I believe p would be Float32 from here,

so that optimization problem would be in float32

When I do:

julia> typeof(p.p)
ComponentVector{Float64, SubArray{Float64, 1, Vector{Float64}, Tuple{UnitRange{Int64}}, true}, Tuple{Axis{(layer_1 = ViewAxis(1:15, Axis(weight = ViewAxis(1:10, ShapedAxis((5, 2), NamedTuple())), bias = ViewAxis(11:15, ShapedAxis((5, 1), NamedTuple())))), layer_2 = ViewAxis(16:45, Axis(weight = ViewAxis(1:25, ShapedAxis((5, 5), NamedTuple())), bias = ViewAxis(26:30, ShapedAxis((5, 1), NamedTuple())))), layer_3 = ViewAxis(46:75, Axis(weight = ViewAxis(1:25, ShapedAxis((5, 5), NamedTuple())), bias = ViewAxis(26:30, ShapedAxis((5, 1), NamedTuple())))), layer_4 = ViewAxis(76:87, Axis(weight = ViewAxis(1:10, ShapedAxis((2, 5), NamedTuple())), bias = ViewAxis(11:12, ShapedAxis((2, 1), NamedTuple())))))}}} (alias for ComponentArray{Float64, 1, SubArray{Float64, 1, Array{Float64, 1}, Tuple{UnitRange{Int64}}, true}, Tuple{Axis{(layer_1 = ViewAxis(1:15, Axis(weight = ViewAxis(1:10, ShapedAxis((5, 2), NamedTuple())), bias = ViewAxis(11:15, ShapedAxis((5, 1), NamedTuple())))), layer_2 = ViewAxis(16:45, Axis(weight = ViewAxis(1:25, ShapedAxis((5, 5), NamedTuple())), bias = ViewAxis(26:30, ShapedAxis((5, 1), NamedTuple())))), layer_3 = ViewAxis(46:75, Axis(weight = ViewAxis(1:25, ShapedAxis((5, 5), NamedTuple())), bias = ViewAxis(26:30, ShapedAxis((5, 1), NamedTuple())))), layer_4 = ViewAxis(76:87, Axis(weight = ViewAxis(1:10, ShapedAxis((2, 5), NamedTuple())), bias = ViewAxis(11:12, ShapedAxis((2, 1), NamedTuple())))))}}})

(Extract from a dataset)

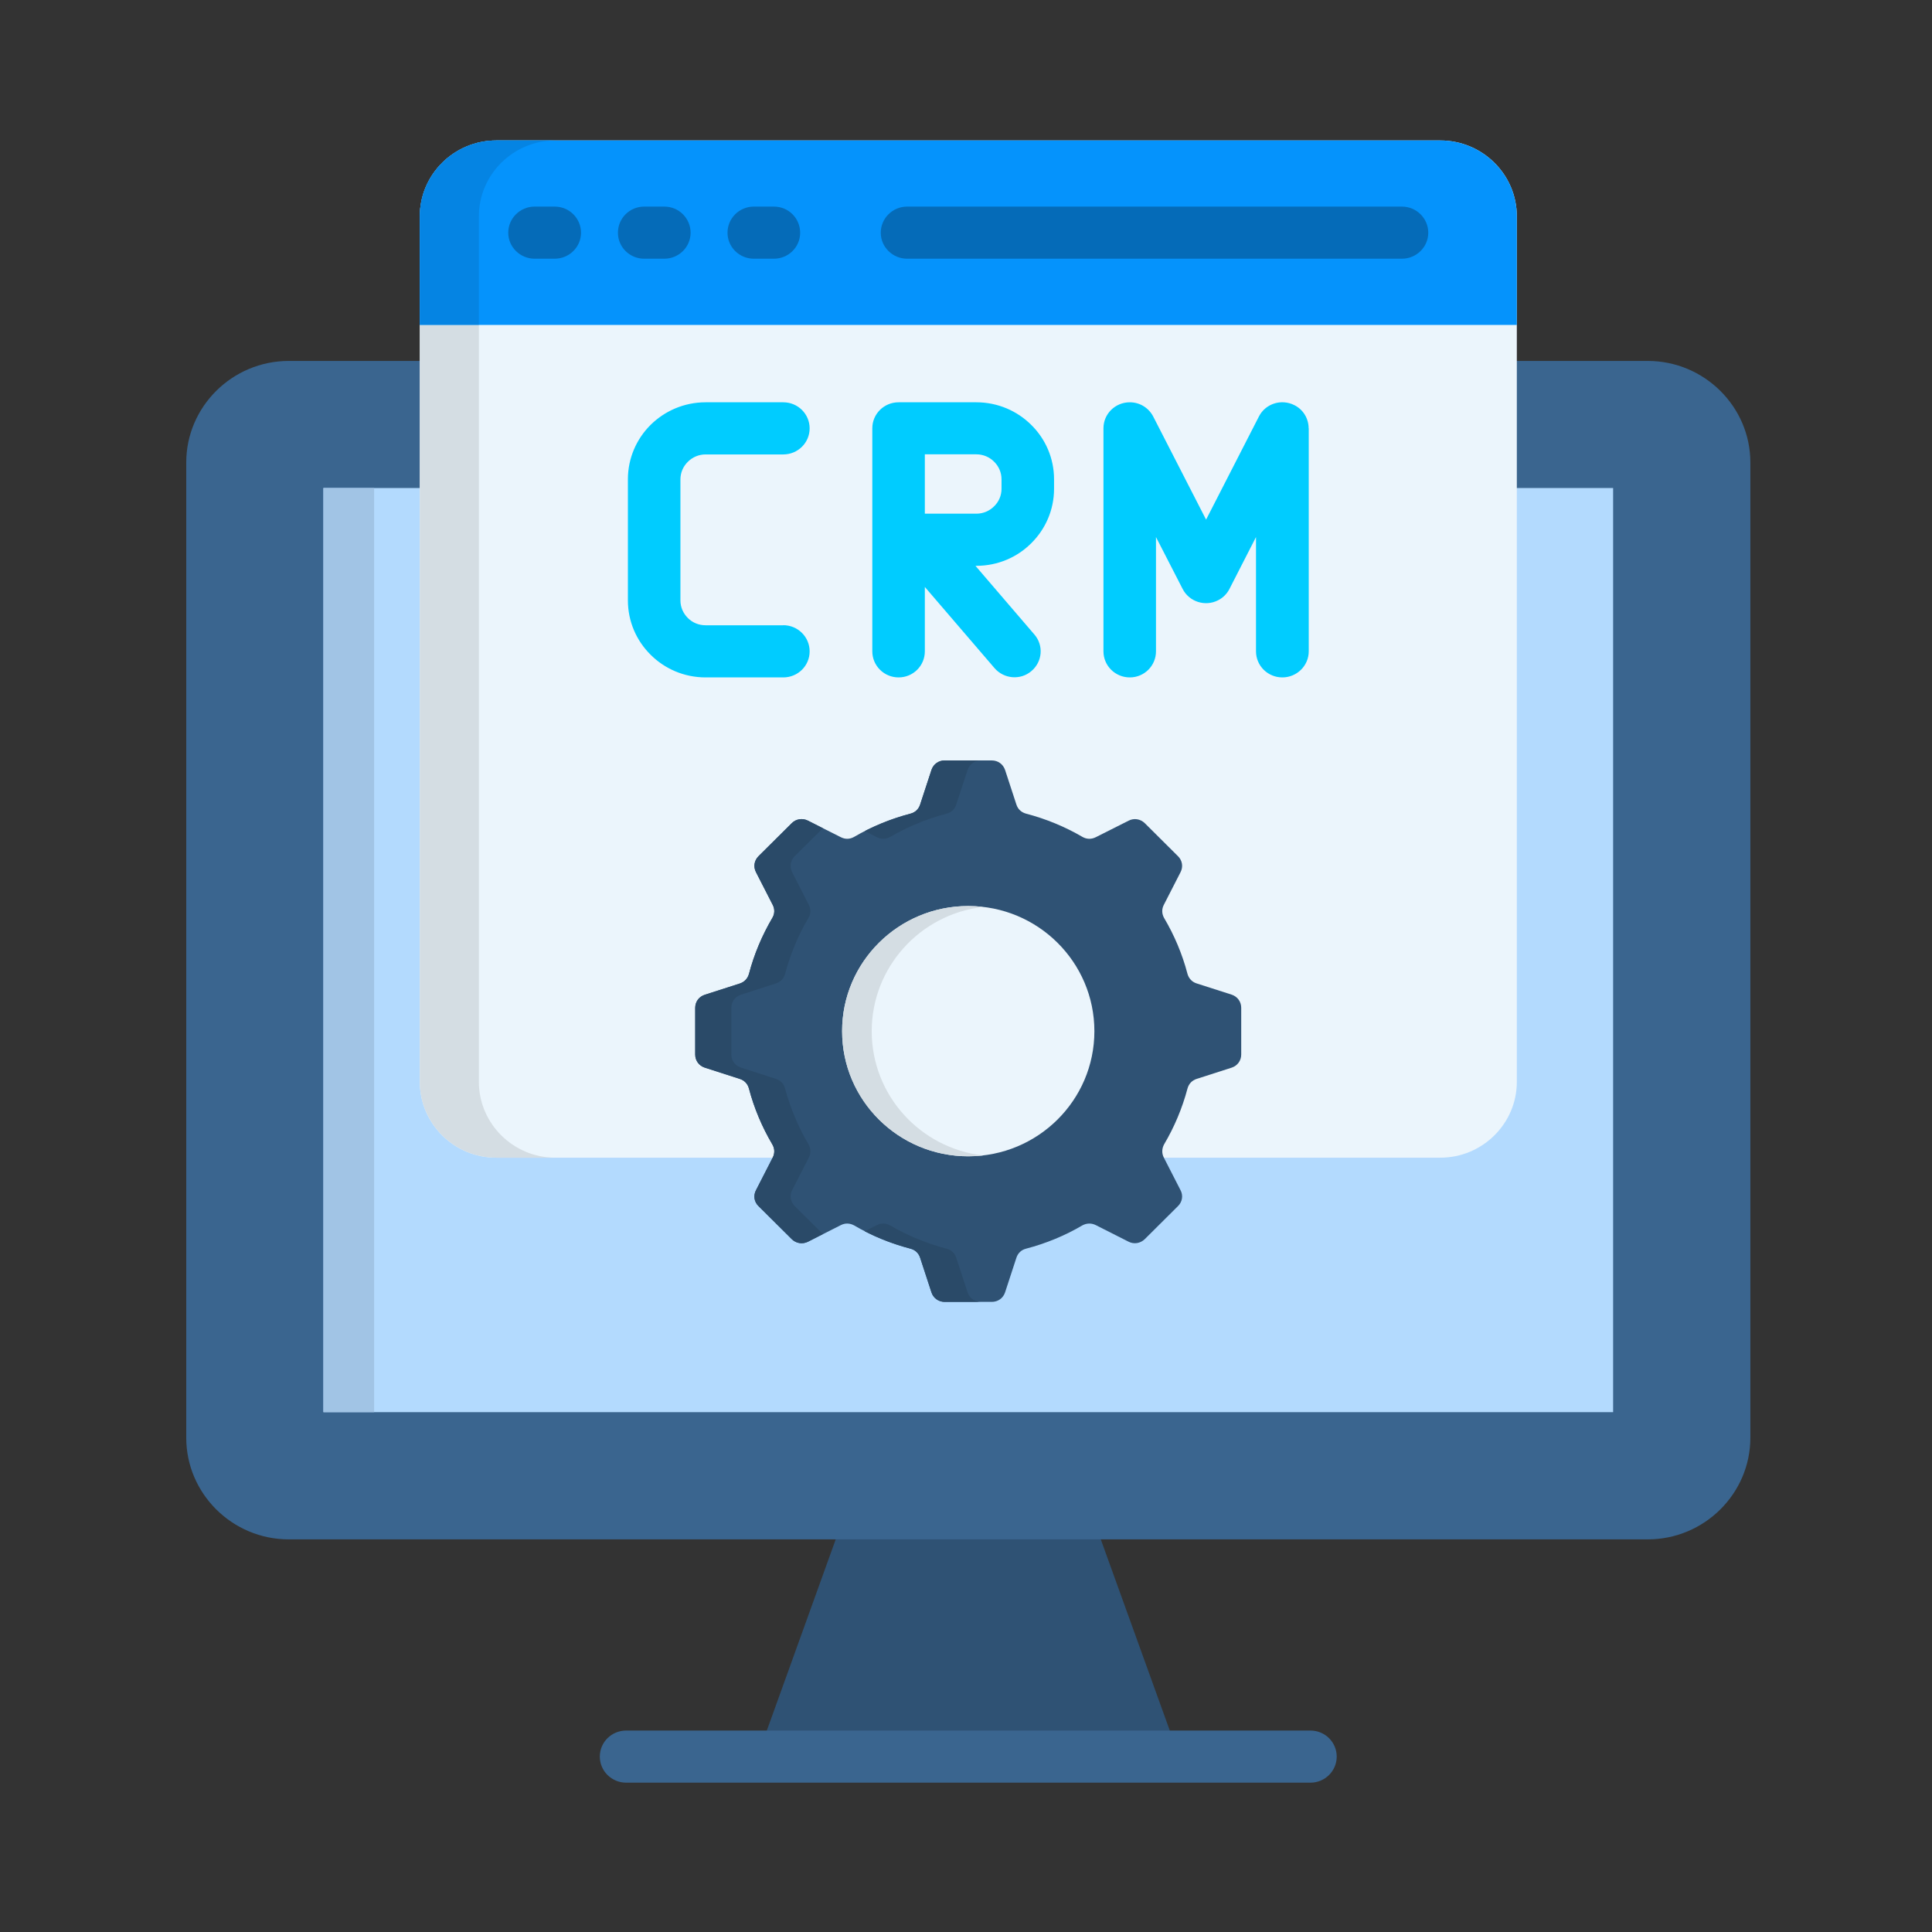 <svg xmlns="http://www.w3.org/2000/svg" xmlns:xlink="http://www.w3.org/1999/xlink" width="100" zoomAndPan="magnify" viewBox="0 0 75 75" height="100" preserveAspectRatio="xMidYMid meet" version="1.2"><rect x="0" y="0" width="75" height="75" fill="#333333" stroke="none"/><defs><clipPath id="837114584b"><path d="M 7.215 14 L 67.965 14 L 67.965 60 L 7.215 60 Z M 7.215 14 "/></clipPath><clipPath id="3f33bf069d"><path d="M 23 67 L 52 67 L 52 69.203 L 23 69.203 Z M 23 67 "/></clipPath><clipPath id="1086dd2437"><path d="M 16 5.453 L 59 5.453 L 59 45 L 16 45 Z M 16 5.453 "/></clipPath><clipPath id="82f7a97147"><path d="M 16 5.453 L 59 5.453 L 59 13 L 16 13 Z M 16 5.453 "/></clipPath><clipPath id="5affecb68b"><path d="M 16 5.453 L 22 5.453 L 22 13 L 16 13 Z M 16 5.453 "/></clipPath></defs><g id="0dc5833667"><path style=" stroke:none;fill-rule:evenodd;fill:#2f5274;fill-opacity:1;" d="M 45.785 68.215 L 40.598 53.844 L 34.574 53.844 L 29.395 68.215 Z M 45.785 68.215 "/><g clip-rule="nonzero" clip-path="url(#837114584b)"><path style=" stroke:none;fill-rule:evenodd;fill:#3a658f;fill-opacity:1;" d="M 11.207 14.012 L 63.969 14.012 C 66.156 14.012 67.949 15.785 67.949 17.953 L 67.949 55.812 C 67.949 57.984 66.156 59.758 63.969 59.758 L 11.207 59.758 C 9.02 59.758 7.23 57.984 7.23 55.812 L 7.23 17.953 C 7.23 15.785 9.02 14.012 11.207 14.012 Z M 11.207 14.012 "/></g><path style=" stroke:none;fill-rule:evenodd;fill:#b3dafe;fill-opacity:1;" d="M 12.555 18.945 L 62.621 18.945 L 62.621 54.82 L 12.555 54.82 Z M 12.555 18.945 "/><path style=" stroke:none;fill-rule:evenodd;fill:#a1c4e5;fill-opacity:1;" d="M 12.555 18.945 L 14.523 18.945 L 14.523 54.82 L 12.555 54.82 Z M 12.555 18.945 "/><g clip-rule="nonzero" clip-path="url(#3f33bf069d)"><path style=" stroke:none;fill-rule:nonzero;fill:#3a658f;fill-opacity:1;" d="M 24.309 69.203 C 23.742 69.203 23.285 68.75 23.285 68.191 C 23.285 67.629 23.742 67.18 24.309 67.18 L 50.871 67.18 C 51.434 67.18 51.891 67.629 51.891 68.191 C 51.891 68.75 51.434 69.203 50.871 69.203 Z M 24.309 69.203 "/></g><g clip-rule="nonzero" clip-path="url(#1086dd2437)"><path style=" stroke:none;fill-rule:evenodd;fill:#ebf5fc;fill-opacity:1;" d="M 19.262 5.453 L 55.914 5.453 C 57.547 5.453 58.883 6.773 58.883 8.395 L 58.883 42 C 58.883 43.617 57.547 44.941 55.914 44.941 L 19.262 44.941 C 17.629 44.941 16.297 43.617 16.297 42 L 16.297 8.395 C 16.297 6.773 17.629 5.453 19.262 5.453 Z M 19.262 5.453 "/></g><g clip-rule="nonzero" clip-path="url(#82f7a97147)"><path style=" stroke:none;fill-rule:evenodd;fill:#0593fc;fill-opacity:1;" d="M 19.262 5.453 L 55.914 5.453 C 57.547 5.453 58.883 6.773 58.883 8.395 L 58.883 12.613 L 16.297 12.613 L 16.297 8.395 C 16.297 6.773 17.629 5.453 19.262 5.453 Z M 19.262 5.453 "/></g><path style=" stroke:none;fill-rule:nonzero;fill:#056bb8;fill-opacity:1;" d="M 20.754 10.043 C 20.191 10.043 19.73 9.59 19.73 9.035 C 19.73 8.473 20.191 8.02 20.754 8.02 L 21.531 8.02 C 22.098 8.02 22.555 8.473 22.555 9.035 C 22.555 9.59 22.098 10.043 21.531 10.043 Z M 35.215 10.043 C 34.652 10.043 34.191 9.59 34.191 9.035 C 34.191 8.473 34.652 8.02 35.215 8.02 L 54.422 8.02 C 54.984 8.02 55.445 8.473 55.445 9.035 C 55.445 9.59 54.984 10.043 54.422 10.043 Z M 29.262 10.043 C 28.699 10.043 28.242 9.59 28.242 9.035 C 28.242 8.473 28.699 8.02 29.262 8.02 L 30.043 8.02 C 30.609 8.02 31.062 8.473 31.062 9.035 C 31.062 9.59 30.609 10.043 30.043 10.043 Z M 25.008 10.043 C 24.441 10.043 23.988 9.59 23.988 9.035 C 23.988 8.473 24.441 8.02 25.008 8.02 L 25.789 8.02 C 26.352 8.02 26.809 8.473 26.809 9.035 C 26.809 9.59 26.352 10.043 25.789 10.043 Z M 25.008 10.043 "/><path style=" stroke:none;fill-rule:evenodd;fill:#2f5274;fill-opacity:1;" d="M 35.344 31.586 C 34.566 31.789 33.832 32.094 33.156 32.488 C 32.992 32.582 32.809 32.586 32.641 32.5 L 31.367 31.859 C 31.152 31.75 30.906 31.789 30.738 31.953 L 29.445 33.238 C 29.277 33.406 29.238 33.648 29.348 33.859 L 29.996 35.125 C 30.082 35.289 30.078 35.477 29.98 35.637 C 29.586 36.309 29.277 37.035 29.074 37.809 C 29.023 37.988 28.898 38.121 28.719 38.18 L 27.359 38.617 C 27.133 38.691 26.988 38.887 26.988 39.125 L 26.988 40.938 C 26.988 41.172 27.133 41.371 27.359 41.445 L 28.719 41.883 C 28.898 41.941 29.027 42.074 29.074 42.258 C 29.277 43.027 29.586 43.754 29.98 44.422 C 30.078 44.586 30.082 44.77 29.996 44.938 L 29.348 46.203 C 29.238 46.41 29.273 46.656 29.445 46.82 L 30.738 48.105 C 30.906 48.27 31.152 48.309 31.367 48.203 L 32.641 47.559 C 32.809 47.473 32.992 47.48 33.156 47.57 C 33.832 47.965 34.566 48.27 35.344 48.473 C 35.527 48.52 35.66 48.645 35.719 48.824 L 36.16 50.172 C 36.234 50.395 36.438 50.539 36.672 50.539 L 38.5 50.539 C 38.742 50.539 38.941 50.395 39.016 50.172 L 39.457 48.824 C 39.516 48.645 39.648 48.52 39.832 48.473 C 40.609 48.27 41.344 47.965 42.016 47.57 C 42.18 47.48 42.367 47.473 42.539 47.559 L 43.812 48.203 C 44.02 48.309 44.266 48.27 44.438 48.105 L 45.73 46.82 C 45.898 46.656 45.938 46.41 45.828 46.203 L 45.18 44.938 C 45.094 44.77 45.102 44.586 45.191 44.422 C 45.586 43.754 45.895 43.023 46.098 42.258 C 46.148 42.074 46.273 41.941 46.453 41.883 L 47.816 41.445 C 48.039 41.371 48.184 41.172 48.184 40.938 L 48.184 39.121 C 48.184 38.887 48.039 38.688 47.816 38.613 L 46.453 38.176 C 46.277 38.121 46.148 37.984 46.098 37.805 C 45.895 37.031 45.586 36.305 45.191 35.637 C 45.098 35.473 45.094 35.289 45.18 35.125 L 45.828 33.859 C 45.938 33.648 45.898 33.402 45.73 33.238 L 44.438 31.953 C 44.266 31.789 44.02 31.75 43.812 31.859 L 42.539 32.5 C 42.367 32.586 42.184 32.582 42.02 32.488 C 41.344 32.094 40.609 31.789 39.832 31.586 C 39.648 31.535 39.516 31.414 39.457 31.234 L 39.016 29.887 C 38.938 29.664 38.742 29.52 38.5 29.52 L 36.672 29.52 C 36.438 29.52 36.234 29.664 36.16 29.887 L 35.719 31.234 C 35.66 31.414 35.527 31.539 35.344 31.586 Z M 35.344 31.586 "/><path style=" stroke:none;fill-rule:evenodd;fill:#ebf5fc;fill-opacity:1;" d="M 37.586 35.172 C 40.293 35.172 42.484 37.348 42.484 40.031 C 42.484 42.711 40.293 44.887 37.586 44.887 C 34.883 44.887 32.691 42.711 32.691 40.031 C 32.688 37.348 34.883 35.172 37.586 35.172 Z M 37.586 35.172 "/><path style=" stroke:none;fill-rule:nonzero;fill:#00ccff;fill-opacity:1;" d="M 44.875 25.285 C 44.875 25.844 44.422 26.297 43.859 26.297 C 43.293 26.297 42.836 25.844 42.836 25.285 L 42.836 16.625 C 42.836 16.066 43.293 15.617 43.859 15.617 C 44.27 15.617 44.621 15.855 44.789 16.211 L 46.82 20.172 L 48.871 16.168 C 49.125 15.668 49.742 15.473 50.246 15.727 C 50.598 15.902 50.801 16.258 50.801 16.625 L 50.805 16.625 L 50.805 25.285 C 50.805 25.844 50.344 26.297 49.781 26.297 C 49.215 26.297 48.758 25.844 48.758 25.285 L 48.758 20.848 L 47.727 22.863 C 47.633 23.047 47.48 23.207 47.281 23.305 C 46.781 23.559 46.164 23.359 45.91 22.863 L 44.875 20.848 Z M 35.902 25.285 C 35.902 25.844 35.449 26.297 34.883 26.297 C 34.32 26.297 33.863 25.844 33.863 25.285 L 33.863 16.625 C 33.863 16.066 34.32 15.617 34.883 15.617 L 37.902 15.617 C 38.734 15.617 39.488 15.953 40.031 16.492 C 40.582 17.035 40.918 17.781 40.918 18.605 L 40.918 18.977 C 40.918 19.797 40.582 20.547 40.031 21.09 C 39.488 21.633 38.734 21.965 37.902 21.965 L 37.867 21.965 L 40.156 24.633 C 40.52 25.055 40.469 25.688 40.039 26.051 C 39.617 26.414 38.973 26.359 38.609 25.938 L 35.902 22.785 Z M 35.902 17.637 L 35.902 19.941 L 37.902 19.941 C 38.172 19.941 38.414 19.832 38.59 19.656 C 38.77 19.484 38.879 19.242 38.879 18.977 L 38.879 18.605 C 38.879 18.34 38.77 18.098 38.59 17.922 C 38.414 17.746 38.172 17.637 37.902 17.637 Z M 30.406 24.27 C 30.973 24.27 31.43 24.727 31.43 25.285 C 31.43 25.848 30.973 26.297 30.406 26.297 L 27.391 26.297 C 26.562 26.297 25.805 25.965 25.258 25.418 C 24.711 24.879 24.375 24.129 24.375 23.309 L 24.375 18.605 C 24.375 17.785 24.711 17.035 25.258 16.492 C 25.805 15.953 26.559 15.617 27.391 15.617 L 30.406 15.617 C 30.973 15.617 31.43 16.07 31.43 16.629 C 31.43 17.188 30.973 17.641 30.406 17.641 L 27.391 17.641 C 27.121 17.641 26.879 17.75 26.703 17.926 C 26.523 18.102 26.414 18.344 26.414 18.609 L 26.414 23.309 C 26.414 23.574 26.523 23.812 26.703 23.992 C 26.879 24.168 27.121 24.273 27.391 24.273 L 30.406 24.273 Z M 30.406 24.27 "/><path style=" stroke:none;fill-rule:evenodd;fill:#d4dde3;fill-opacity:1;" d="M 37.586 35.172 C 37.785 35.172 37.973 35.184 38.16 35.207 C 35.727 35.488 33.84 37.543 33.84 40.031 C 33.84 42.52 35.727 44.574 38.16 44.855 C 37.977 44.875 37.785 44.887 37.586 44.887 C 34.883 44.887 32.691 42.715 32.691 40.031 C 32.688 37.348 34.883 35.172 37.586 35.172 Z M 37.586 35.172 "/><path style=" stroke:none;fill-rule:evenodd;fill:#2a4a68;fill-opacity:1;" d="M 35.344 31.586 C 34.723 31.75 34.129 31.977 33.57 32.262 L 34.043 32.5 C 34.211 32.586 34.395 32.582 34.559 32.488 C 35.234 32.094 35.973 31.789 36.746 31.586 C 36.93 31.539 37.062 31.414 37.121 31.234 L 37.562 29.887 C 37.641 29.664 37.84 29.52 38.078 29.52 L 36.672 29.52 C 36.438 29.52 36.234 29.664 36.16 29.887 L 35.719 31.234 C 35.66 31.414 35.527 31.539 35.344 31.586 Z M 31.945 32.152 L 31.367 31.859 C 31.152 31.75 30.906 31.789 30.738 31.953 L 29.445 33.238 C 29.277 33.406 29.238 33.648 29.348 33.859 L 29.996 35.125 C 30.082 35.289 30.078 35.477 29.98 35.637 C 29.586 36.309 29.277 37.035 29.074 37.809 C 29.023 37.988 28.898 38.121 28.719 38.18 L 27.359 38.617 C 27.133 38.691 26.988 38.887 26.988 39.125 L 26.988 40.938 C 26.988 41.172 27.133 41.371 27.359 41.445 L 28.719 41.883 C 28.898 41.941 29.027 42.074 29.074 42.258 C 29.277 43.027 29.586 43.754 29.98 44.422 C 30.078 44.586 30.082 44.77 29.996 44.938 L 29.348 46.203 C 29.238 46.41 29.273 46.656 29.445 46.82 L 30.738 48.105 C 30.906 48.27 31.152 48.309 31.367 48.203 L 31.945 47.906 L 30.852 46.82 C 30.684 46.656 30.645 46.41 30.75 46.203 L 31.398 44.938 C 31.484 44.77 31.48 44.586 31.387 44.422 C 30.988 43.754 30.684 43.023 30.477 42.258 C 30.43 42.074 30.301 41.941 30.125 41.883 L 28.766 41.445 C 28.535 41.371 28.391 41.172 28.391 40.938 L 28.391 39.121 C 28.391 38.887 28.535 38.688 28.766 38.613 L 30.121 38.176 C 30.301 38.121 30.43 37.984 30.477 37.805 C 30.684 37.031 30.988 36.305 31.383 35.637 C 31.48 35.473 31.484 35.289 31.398 35.125 L 30.75 33.859 C 30.645 33.648 30.684 33.402 30.848 33.238 Z M 33.566 47.797 C 34.129 48.086 34.723 48.309 35.344 48.473 C 35.527 48.52 35.66 48.645 35.719 48.824 L 36.16 50.172 C 36.234 50.395 36.438 50.539 36.672 50.539 L 38.078 50.539 C 37.84 50.539 37.637 50.395 37.562 50.172 L 37.121 48.824 C 37.062 48.645 36.926 48.52 36.746 48.473 C 35.969 48.27 35.23 47.965 34.555 47.57 C 34.395 47.48 34.207 47.473 34.039 47.559 Z M 33.566 47.797 "/><path style=" stroke:none;fill-rule:evenodd;fill:#d4dde3;fill-opacity:1;" d="M 18.59 12.613 L 18.59 42 C 18.59 43.617 19.926 44.941 21.555 44.941 L 19.262 44.941 C 17.629 44.941 16.297 43.617 16.297 42 L 16.297 12.613 Z M 18.59 12.613 "/><g clip-rule="nonzero" clip-path="url(#5affecb68b)"><path style=" stroke:none;fill-rule:evenodd;fill:#0584e3;fill-opacity:1;" d="M 19.262 5.453 L 21.555 5.453 C 19.926 5.453 18.59 6.773 18.59 8.395 L 18.59 12.613 L 16.297 12.613 L 16.297 8.395 C 16.297 6.773 17.629 5.453 19.262 5.453 Z M 19.262 5.453 "/></g></g></svg>

Everything appears to be Float64.

If I run optprob = Optimization.OptimizationProblem(optf, ComponentVector{Float64}(ps)) [org version] instead of optprob = Optimization.OptimizationProblem(optf, p.p) the results are exactly the same.
Additionally, are ComponentArrays a good alternative to pass parameters that will change in every predict call for a uODE? The function signature is strict for ODEProblem so I am passing everything through p as a ComponentArray but this comes with allocations overhead

Yes

ComponentArrays shouldn’t need to allocate any more. They are just a vector.